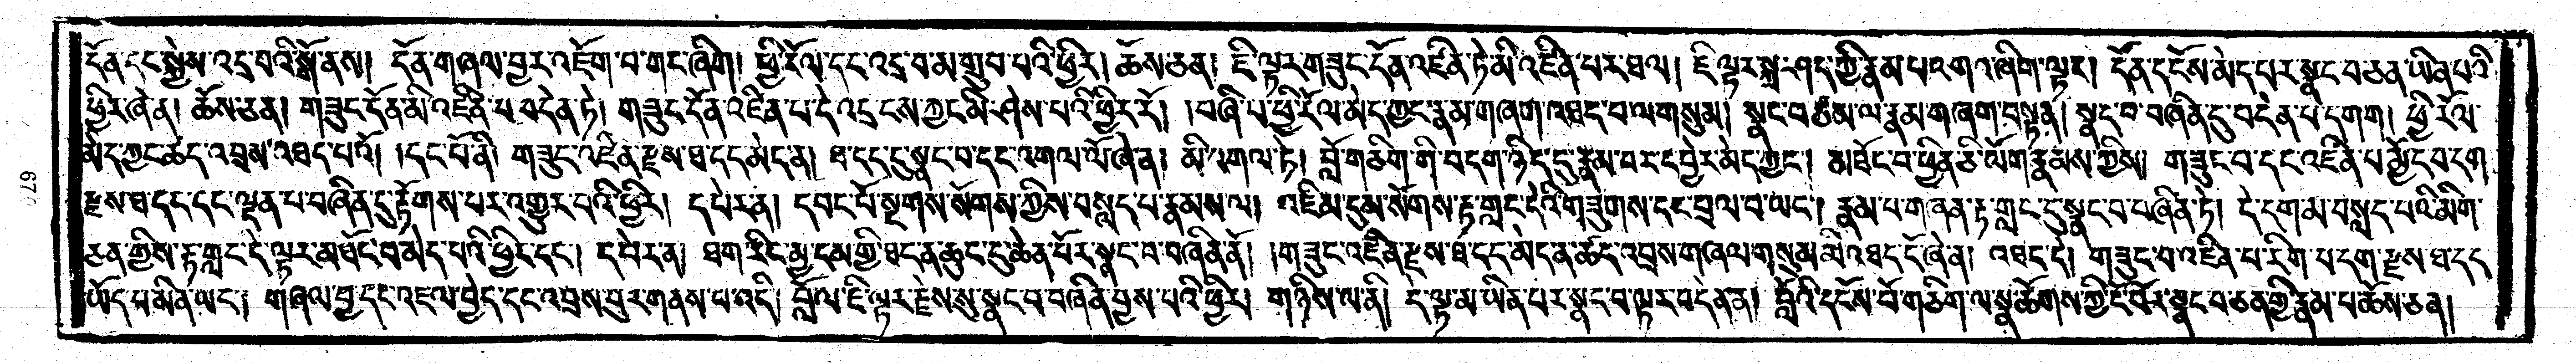དོན་དང་སྐྱེས་འདྲ་བའི་སྒོ་ནས། དོན་གཞལ་བྱར་འཇོག་པ་གང་ཞིག། ཕྱི་རོལ་དང་འདྲ་བ་མ་གྲུབ་པའི་ཕྱིར། ཆོས་ཅན། ཇི་ལྟར་གཟུང་དོན་འཛིན་ཏེ་མི་འཛིན་པར་ཐལ། ཇི་ལྟར་སྐྲ་ཤད་ཀྱི་རྣམ་པ་འགའ་ཞིག་ལྟར། དོན་དངོས་མེད་པར་སྣང་བ་ཅན་ཡིན་པའི་
ཕྱིར་ཞེ་ན། ཆོས་ཅན། གཟུང་དོན་མི་འཛིན་པ་བདེན་ཏེ། གཟུང་དོན་འཛིན་པ་དེ་འདྲངས་ཀྱང་མི་ཤེས་པའི་ཕྱིར་རོ། །བཞི་པ་ཕྱི་རོལ་མེད་ཀྱང་རྣམ་གཞག་འཐད་པ་ལ་གསུམ། སྣང་བ་ཙམ་ལ་རྣམ་གཞག་བསྟན། སྣང་བ་བཞིན་དུ་བདེན་པ་དགག། ཕྱི་རོལ་
མེད་ཀྱང་ཚད་འབྲས་འཐད་པའོ། །དང་པོ་ནི། གཟུང་འཛིན་རྫས་ཐ་དད་མེད་ན། ཐ་དད་དུ་སྣང་བ་དང་འགལ་ལོ་ཞེ་ན། མི་འགལ་ཏེ། བློ་གཅིག་གི་བདག་ཉིད་དུ་རྣམ་པར་དབྱེར་མེད་ཀྱང་། མཐོང་བ་ཕྱིན་ཅི་ལོག་རྣམས་ཀྱིས། གཟུང་བ་དང་འཛིན་པ་མྱོང་བ་དག་
རྫས་ཐ་དད་དང་ལྡན་པ་བཞིན་དུ་རྟོགས་པར་འགྱུར་བའི་ཕྱིར། དཔེར་ན། དབང་པོ་སྔགས་སོགས་ཀྱིས་བསླད་པ་རྣམས་ལ། འཇིམ་དུམ་སོགས་རྟ་གླང་དེའི་གཟུགས་དང་བྲལ་བ་ཡང་། རྣམ་པ་གཞན་རྟ་གླང་དུ་སྣང་བ་བཞིན་ཏེ། དེ་དག་མ་བསླད་པའི་མིག་
ཅན་གྱིས་རྟག་གླང་དེ་ལྟར་མཐོང་བ་མེད་པའི་ཕྱིར་དང་། དཔེར་ན། ཐག་རིང་མྱ་ངམ་གྱི་ཐད་ན་ཆུང་དུ་ཆེན་པོར་སྣང་བ་བཞིན་ནོ། །གཟུང་འཛིན་རྫས་ཐ་དད་མེད་ན་ཚད་འབྲས་གཞལ་གསུམ་མི་འཐད་དོ་ཞེ་ན། འཐད་དེ། གཟུང་བ་འཛིན་པ་རིག་པ་དག་རྫས་ཐ་དད་
ཡོད་པ་མིན་ཡང་། གཞལ་བྱ་དང་འཇལ་བྱེད་དང་འབྲས་བུར་གནས་པ་འདི། བློ་ལ་ཇི་ལྟར་རྗེས་སུ་སྣང་བ་བཞིན་བྱས་པའི་ཕྱིར། གཉིས་ལ་ནི། དེ་ལྟ་མ་ཡིན་པར་སྣང་བ་ལྟར་བདེན་ན། བློའི་དངོས་པོ་གཅིག་ལ་སྣ་ཚོགས་ཀྱི་ངོ་བོར་སྣང་བ་ཅན་གྱི་རྣམ་པ་ཆོས་ཅན།

════════

- PROBLEM -
Word-for-word transcript, pictures excluded: copy all the material above.

- ANSWER BOX -
དོན་དང་སྐྱེས་འདྲ་བའི་སྒོ་ནས། དོན་གཞལ་བྱར་འཇོག་པ་གང་ཞིག། ཕྱི་རོལ་དང་འདྲ་བ་མ་གྲུབ་པའི་ཕྱིར། ཆོས་ཅན། ཇི་ལྟར་གཟུང་དོན་འཛིན་ཏེ་མི་འཛིན་པར་ཐལ། ཇི་ལྟར་སྐྲ་ཤད་ཀྱི་རྣམ་པ་འགའ་ཞིག་ལྟར། དོན་དངོས་མེད་པར་སྣང་བ་ཅན་ཡིན་པའི་
ཕྱིར་ཞེ་ན། ཆོས་ཅན། གཟུང་དོན་མི་འཛིན་པ་བདེན་ཏེ། གཟུང་དོན་འཛིན་པ་དེ་འདྲངས་ཀྱང་མི་ཤེས་པའི་ཕྱིར་རོ། །བཞི་པ་ཕྱི་རོལ་མེད་ཀྱང་རྣམ་གཞག་འཐད་པ་ལ་གསུམ། སྣང་བ་ཙམ་ལ་རྣམ་གཞག་བསྟན། སྣང་བ་བཞིན་དུ་བདེན་པ་དགག། ཕྱི་རོལ་
མེད་ཀྱང་ཚད་འབྲས་འཐད་པའོ། །དང་པོ་ནི། གཟུང་འཛིན་རྫས་ཐ་དད་མེད་ན། ཐ་དད་དུ་སྣང་བ་དང་འགལ་ལོ་ཞེ་ན། མི་འགལ་ཏེ། བློ་གཅིག་གི་བདག་ཉིད་དུ་རྣམ་པར་དབྱེར་མེད་ཀྱང་། མཐོང་བ་ཕྱིན་ཅི་ལོག་རྣམས་ཀྱིས། གཟུང་བ་དང་འཛིན་པ་མྱོང་བ་དག་
རྫས་ཐ་དད་དང་ལྡན་པ་བཞིན་དུ་རྟོགས་པར་འགྱུར་བའི་ཕྱིར། དཔེར་ན། དབང་པོ་སྔགས་སོགས་ཀྱིས་བསླད་པ་རྣམས་ལ། འཇིམ་དུམ་སོགས་རྟ་གླང་དེའི་གཟུགས་དང་བྲལ་བ་ཡང་། རྣམ་པ་གཞན་རྟ་གླང་དུ་སྣང་བ་བཞིན་ཏེ། དེ་དག་མ་བསླད་པའི་མིག་
ཅན་གྱིས་རྟག་གླང་དེ་ལྟར་མཐོང་བ་མེད་པའི་ཕྱིར་དང་། དཔེར་ན། ཐག་རིང་མྱ་ངམ་གྱི་ཐད་ན་ཆུང་དུ་ཆེན་པོར་སྣང་བ་བཞིན་ནོ། །གཟུང་འཛིན་རྫས་ཐ་དད་མེད་ན་ཚད་འབྲས་གཞལ་གསུམ་མི་འཐད་དོ་ཞེ་ན། འཐད་དེ། གཟུང་བ་འཛིན་པ་རིག་པ་དག་རྫས་ཐ་དད་
ཡོད་པ་མིན་ཡང་། གཞལ་བྱ་དང་འཇལ་བྱེད་དང་འབྲས་བུར་གནས་པ་འདི། བློ་ལ་ཇི་ལྟར་རྗེས་སུ་སྣང་བ་བཞིན་བྱས་པའི་ཕྱིར། གཉིས་ལ་ནི། དེ་ལྟ་མ་ཡིན་པར་སྣང་བ་ལྟར་བདེན་ན། བློའི་དངོས་པོ་གཅིག་ལ་སྣ་ཚོགས་ཀྱི་ངོ་བོར་སྣང་བ་ཅན་གྱི་རྣམ་པ་ཆོས་ཅན།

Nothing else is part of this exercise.